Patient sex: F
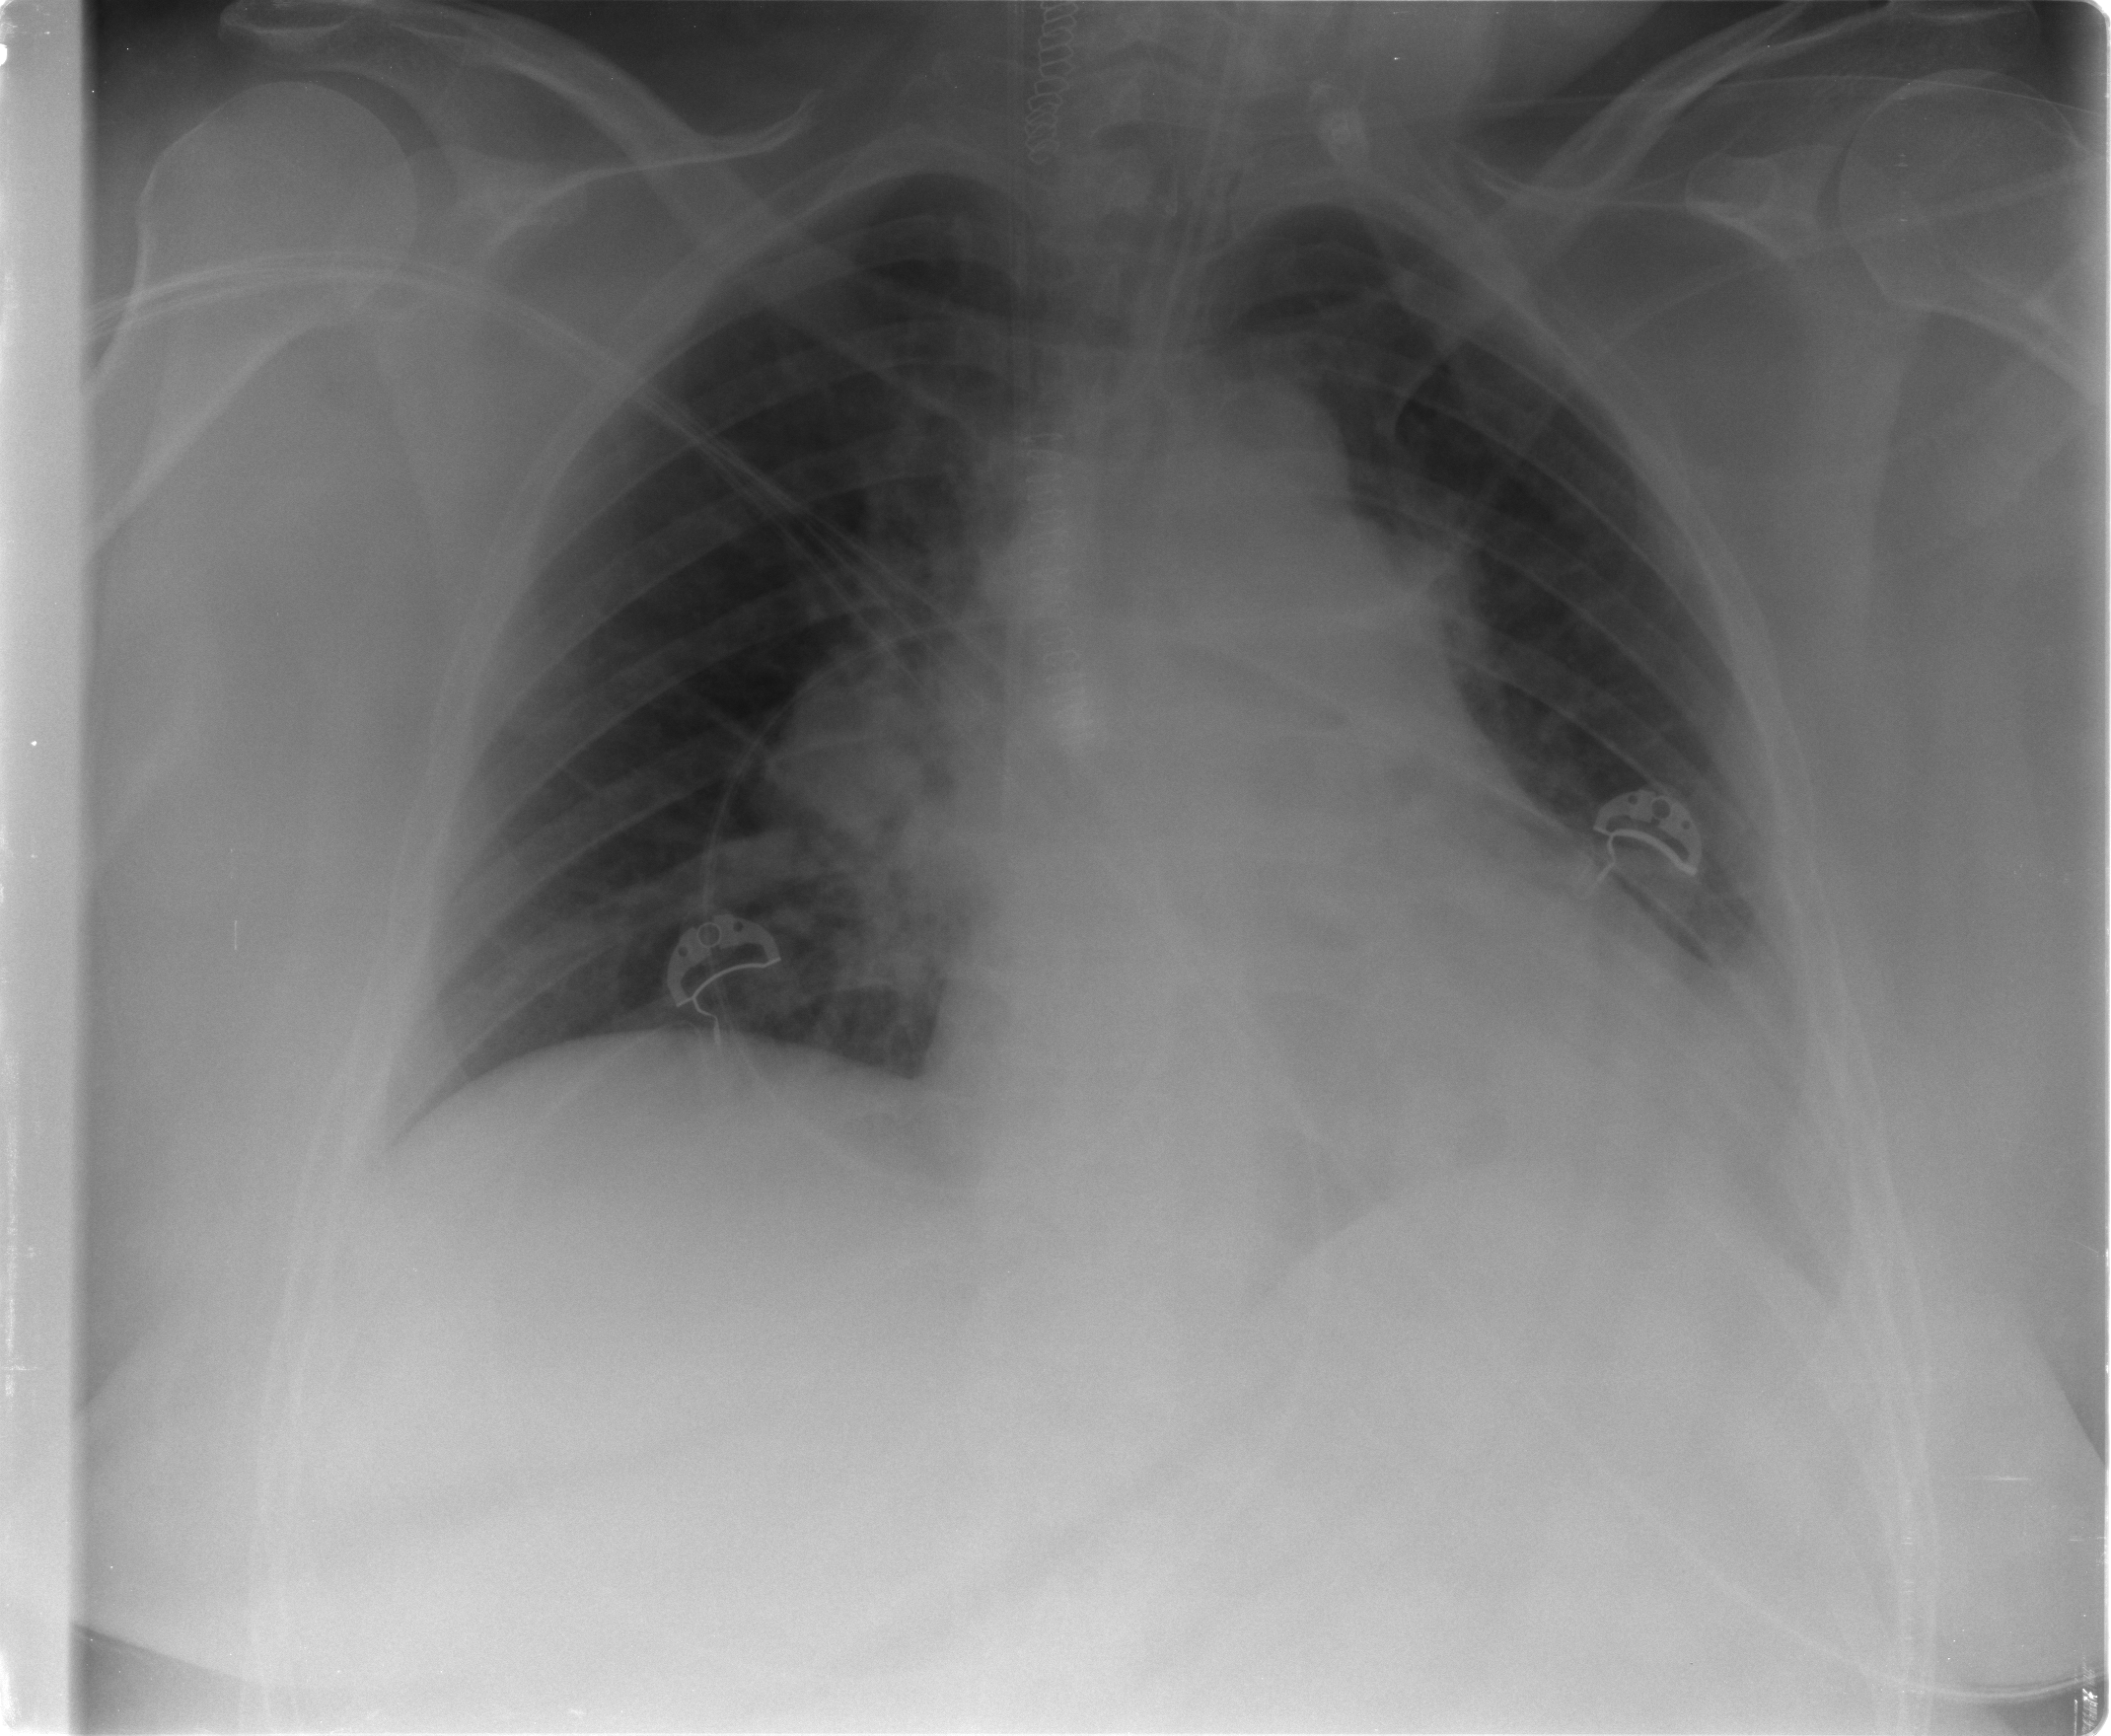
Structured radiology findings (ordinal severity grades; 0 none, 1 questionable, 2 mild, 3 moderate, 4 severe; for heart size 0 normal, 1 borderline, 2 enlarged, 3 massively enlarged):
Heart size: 1
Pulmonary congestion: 2
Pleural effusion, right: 0
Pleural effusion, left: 2
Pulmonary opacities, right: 0
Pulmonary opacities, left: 0
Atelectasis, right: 0
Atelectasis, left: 2
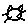
Label: cat
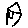
Label: house
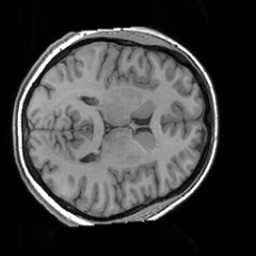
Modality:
*****
Aim of the exercise:
Which lines of the records contain "opacities"? Show each of them.

Written answer:
Pulmonary opacities, right: 0
Pulmonary opacities, left: 0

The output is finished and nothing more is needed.